In Mekare's absence, Maharet returns to watch over her daughter and her descendants. Maharet's descendants become what she calls the Great Family. A maternal line, the Great Family includes every culture, religion, ethnicity, and race. The Great Family represents all humanity and shows the vampires what Akasha would destroy with the creation of her New World Order.

As the source of all vampires, Akasha is connected to all vampires by the blood and spirit they collectively share. In an experiment by the first Keeper, Akasha and Enkil are exposed to sunlight when they are several thousand years old. This merely darkens their skin. However, the result on all other vampires is extreme, and many of the weakest vampires die, thus confirming the legend that anything that harms Akasha will also directly affect all of her progeny.

==Reception==
The New York Times praised the entertaining, rich worldbuilding in the historical segments but criticized the contemporary sections for their melodramatic dialogue and cliche-riddled prose. Kirkus Reviews called the novel "thin, unconvincing, and a grave disappointment". Publishers Weekly said that excessive philosophical musings slow down the otherwise well-crafted storyline.

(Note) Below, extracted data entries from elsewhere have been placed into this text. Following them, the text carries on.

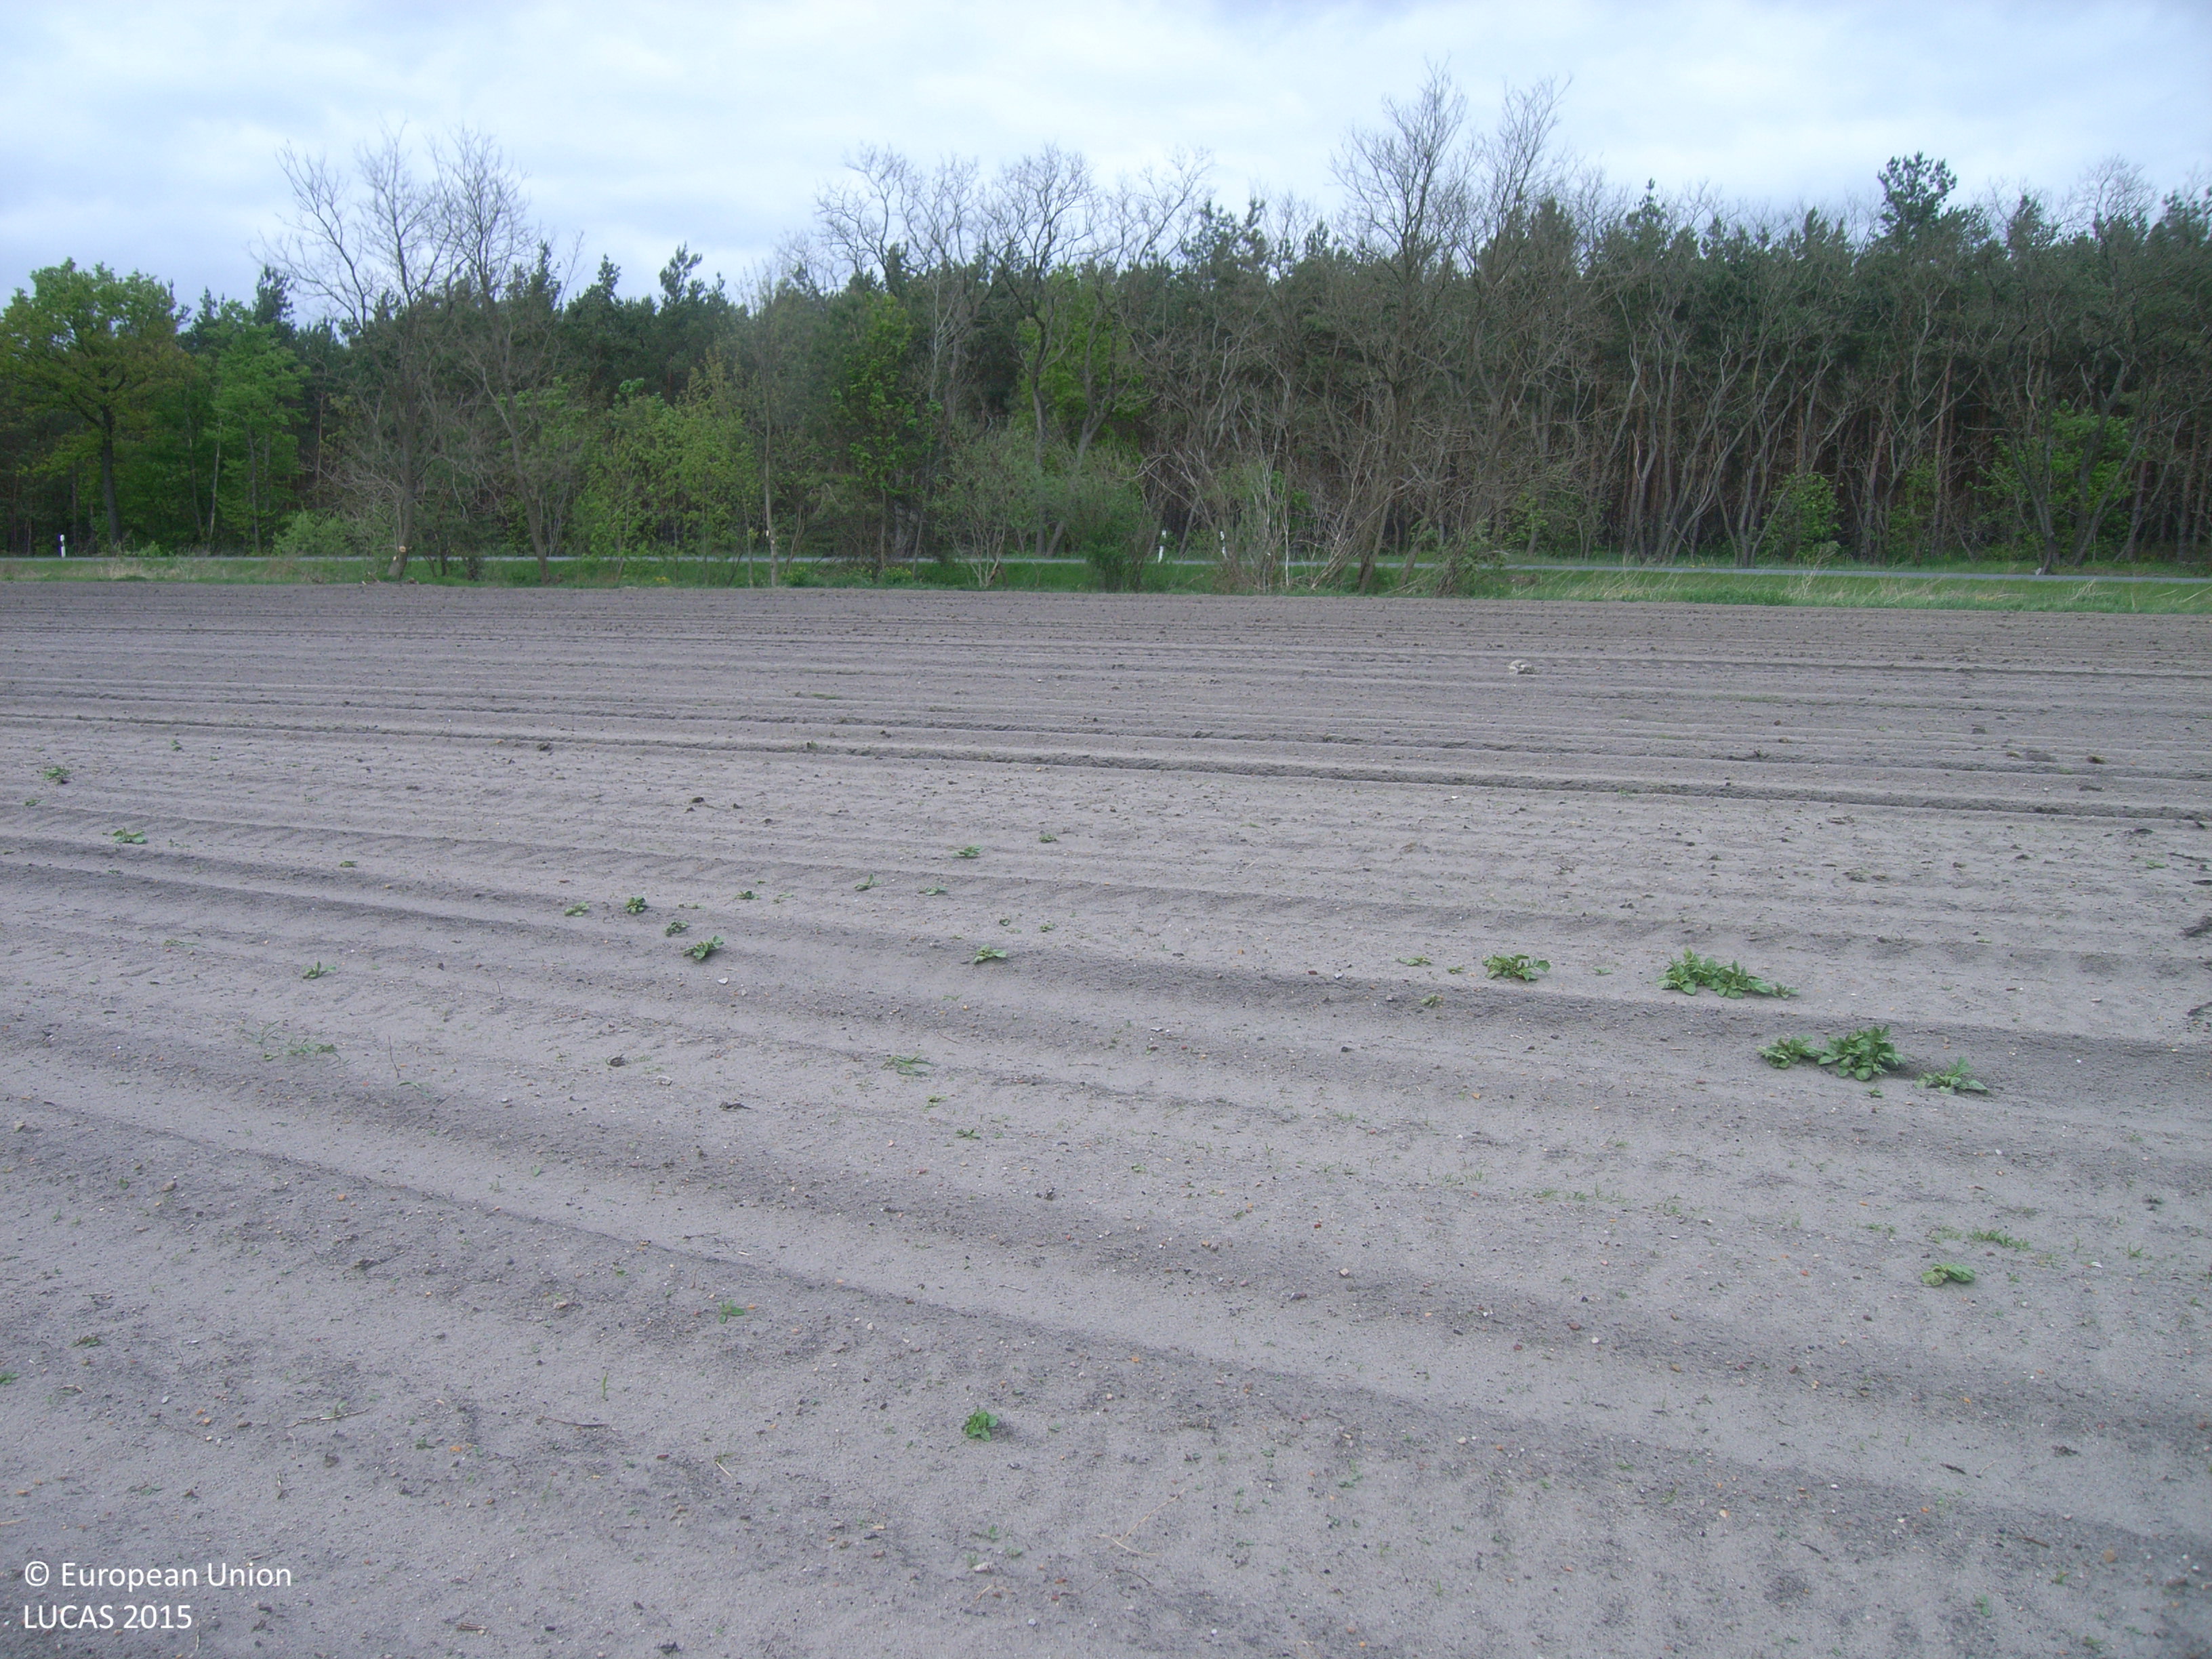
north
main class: Cropland
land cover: Potatoes
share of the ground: < 10 %
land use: Agriculture (excluding fallow land and kitchen gardens)
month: May
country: DE
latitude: 52.0538
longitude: 13.5733
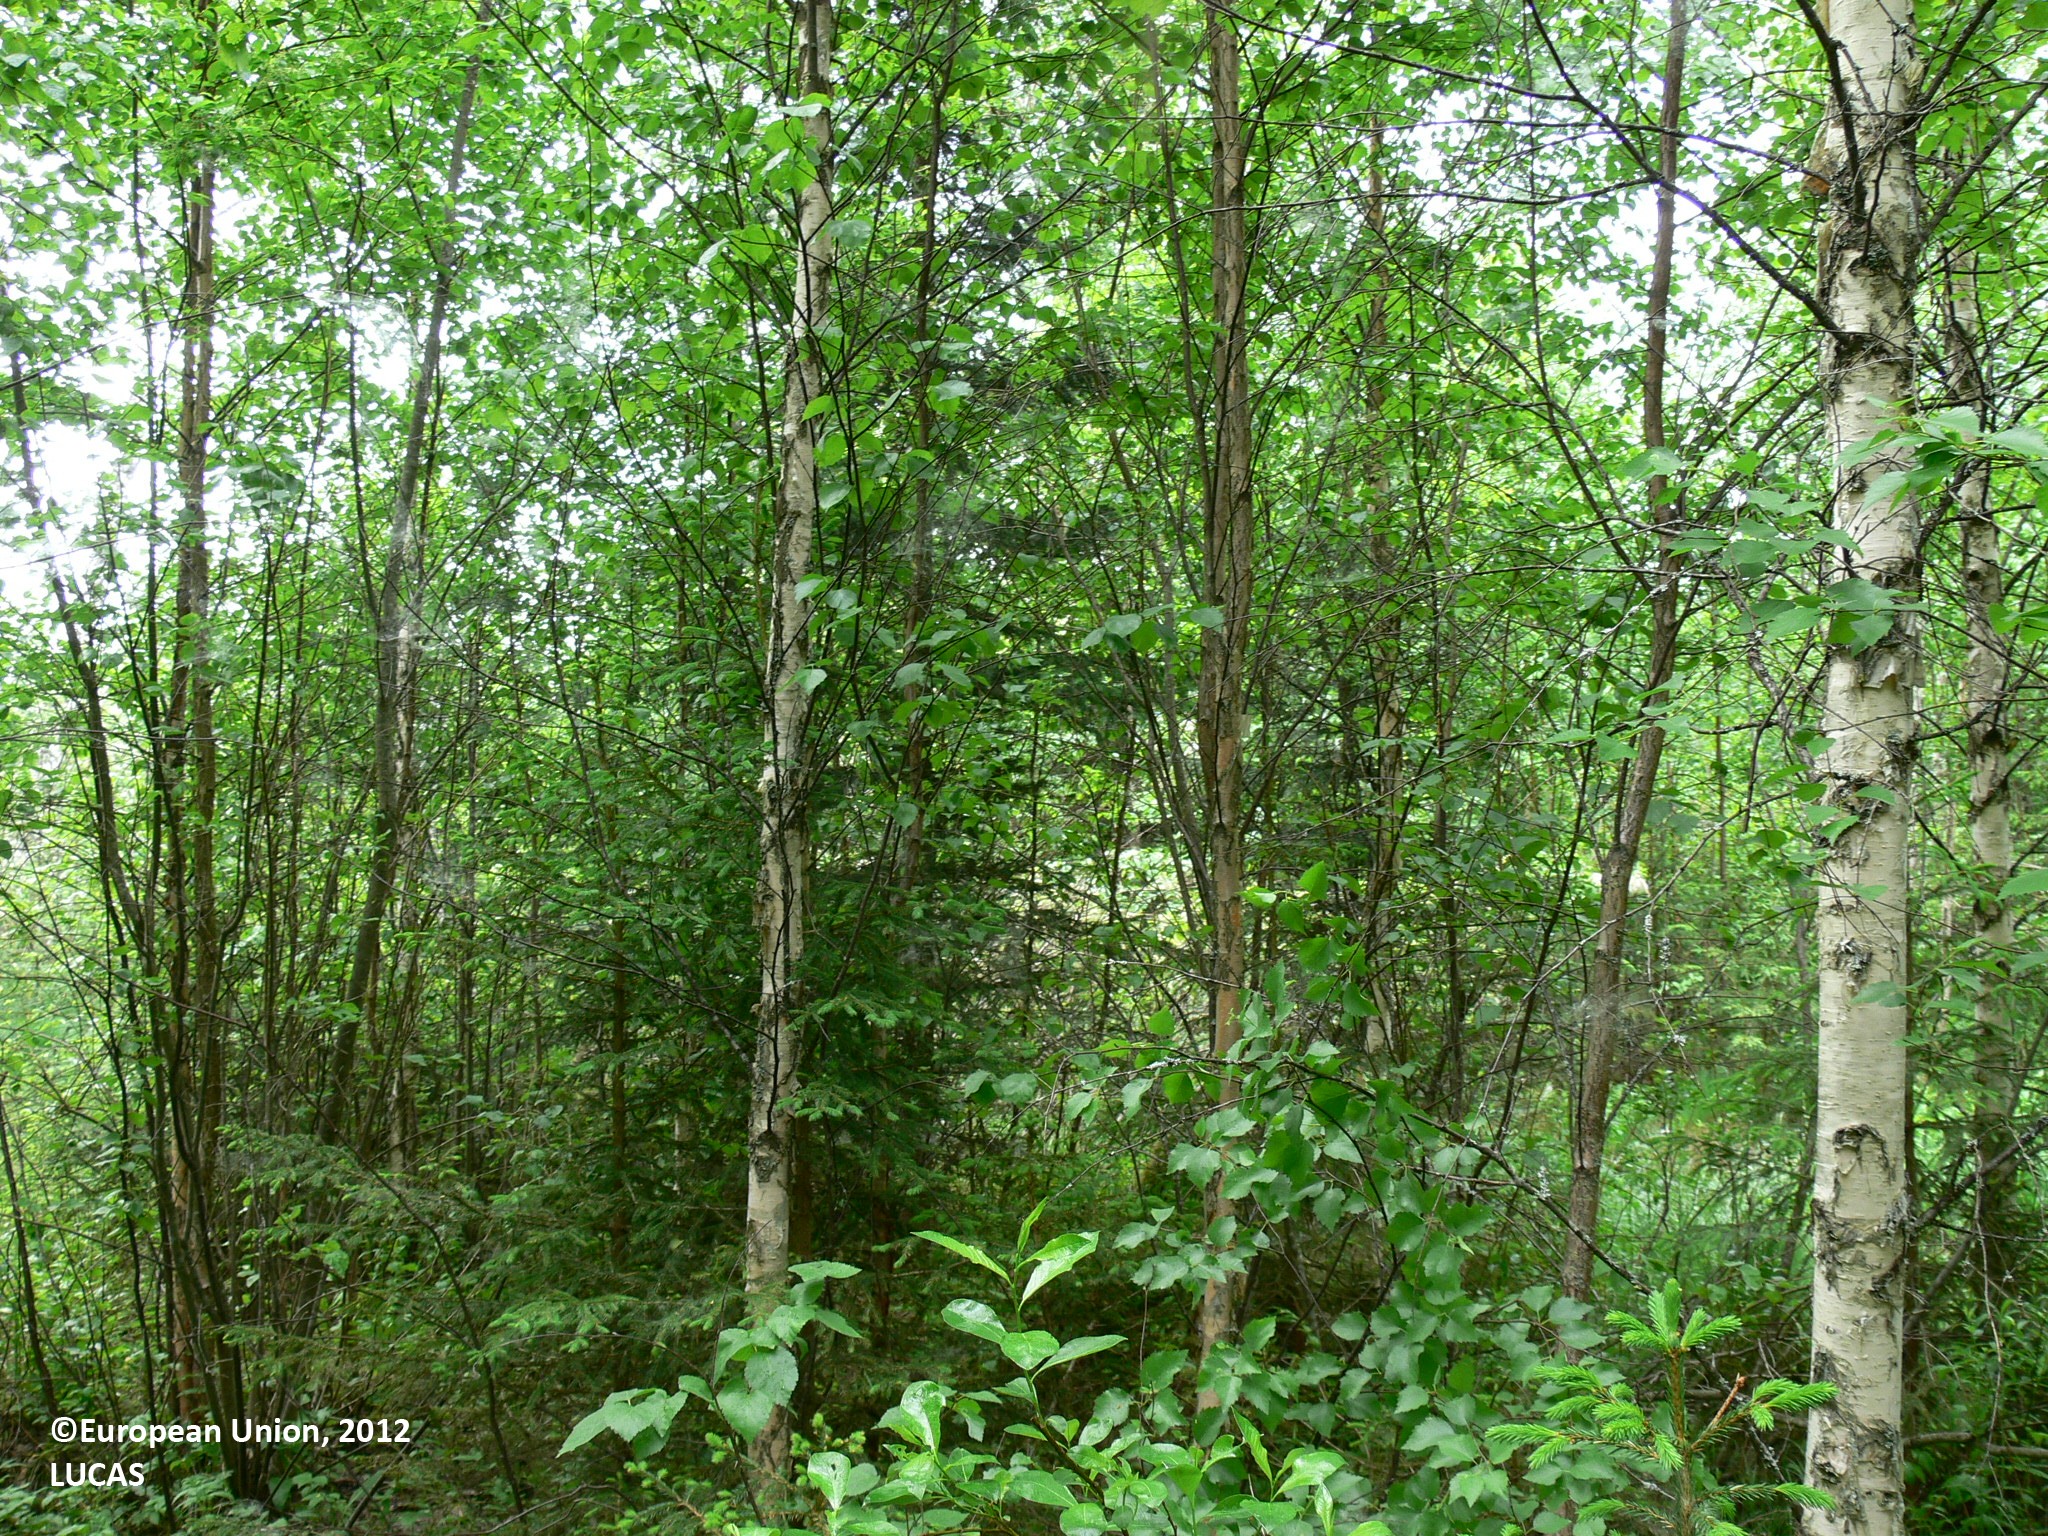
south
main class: Woodland
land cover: Spruce dominated mixed woodland
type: boreal forest
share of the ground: 50 - 75 %
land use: Forestry
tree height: > 5 m
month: June
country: FI
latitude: 62.7815
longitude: 29.8684
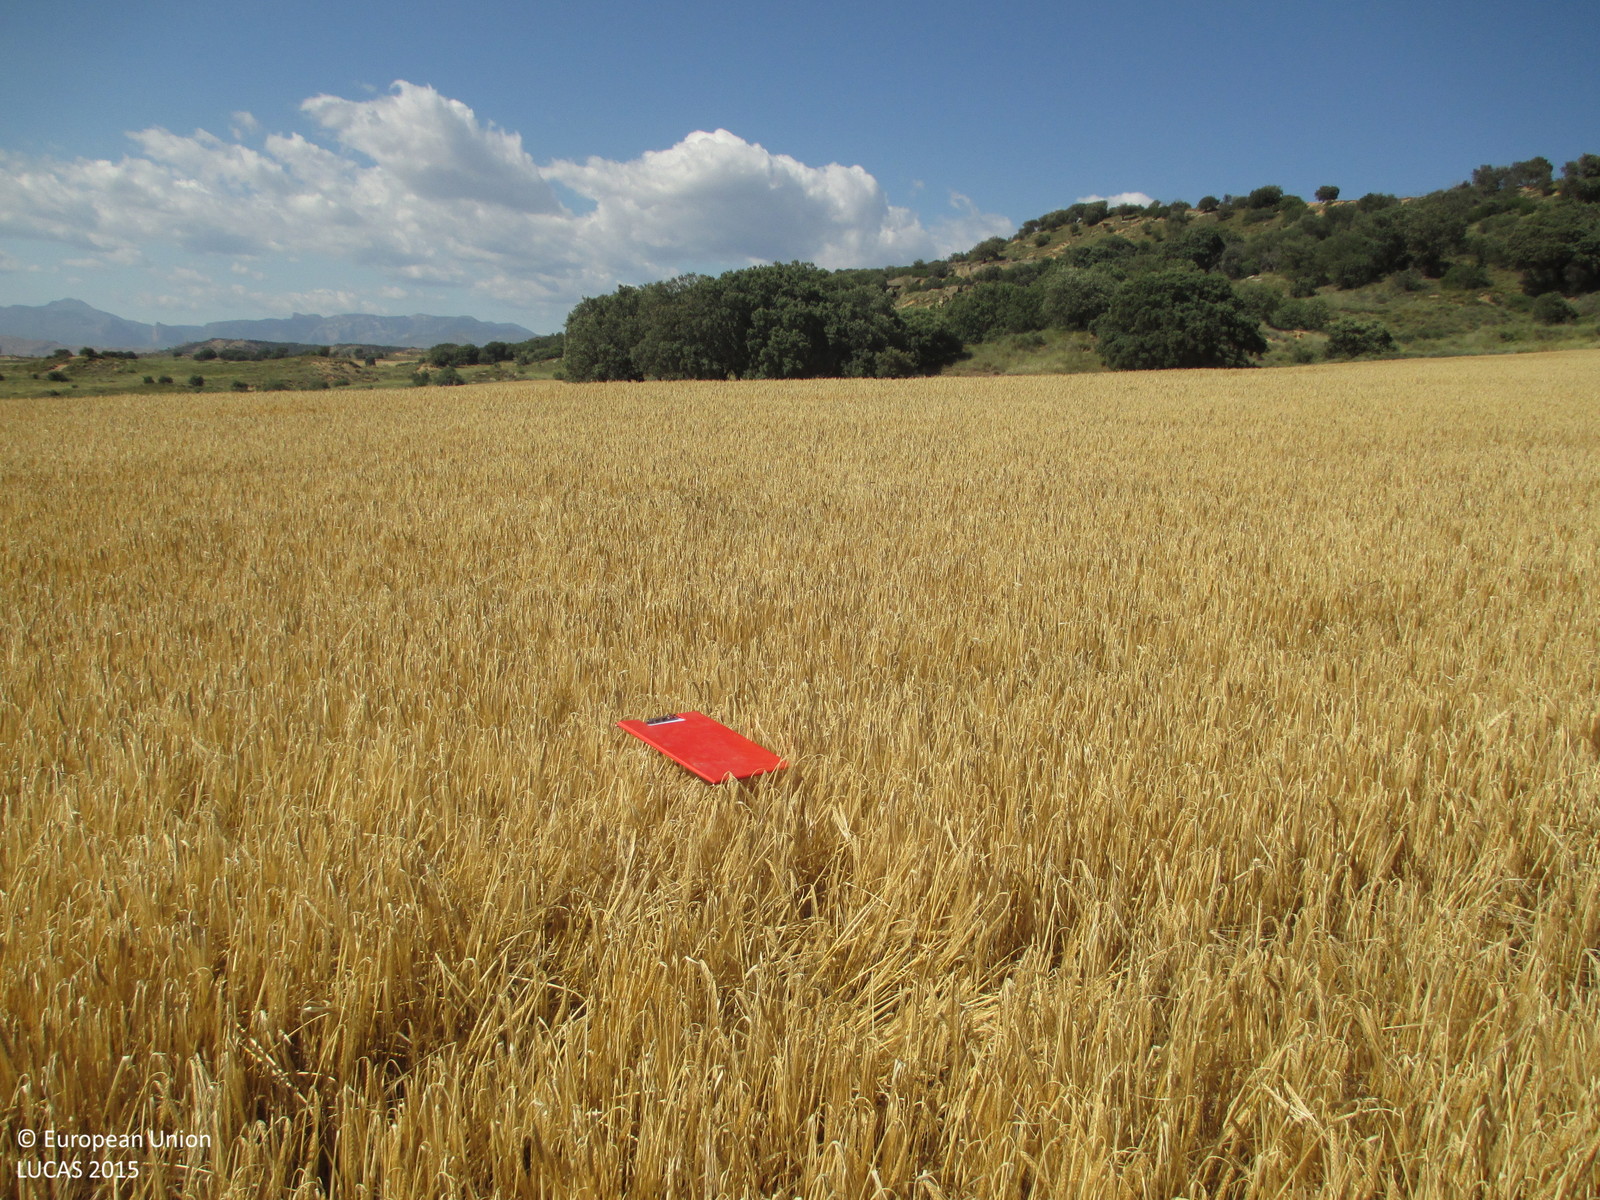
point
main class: Cropland
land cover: Barley
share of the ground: > 75 %
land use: Agriculture (excluding fallow land and kitchen gardens)
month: June
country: ES
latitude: 42.0698
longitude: -0.3308

The Queen of the Damned made its debut at number two on The New York Times Best Seller list. It ascended to the top spot in its second week and remained on the list for a total of 17 weeks.

== Adaptations ==
- Queen of the Damned (2002), film directed by Michael Rymer, based on novels The Vampire Lestat and The Queen of the Damned.
- Anne Rice’s Interview With The Vampire (2022–present), American television series on AMC; Season 4 based on The Queen of the Damned.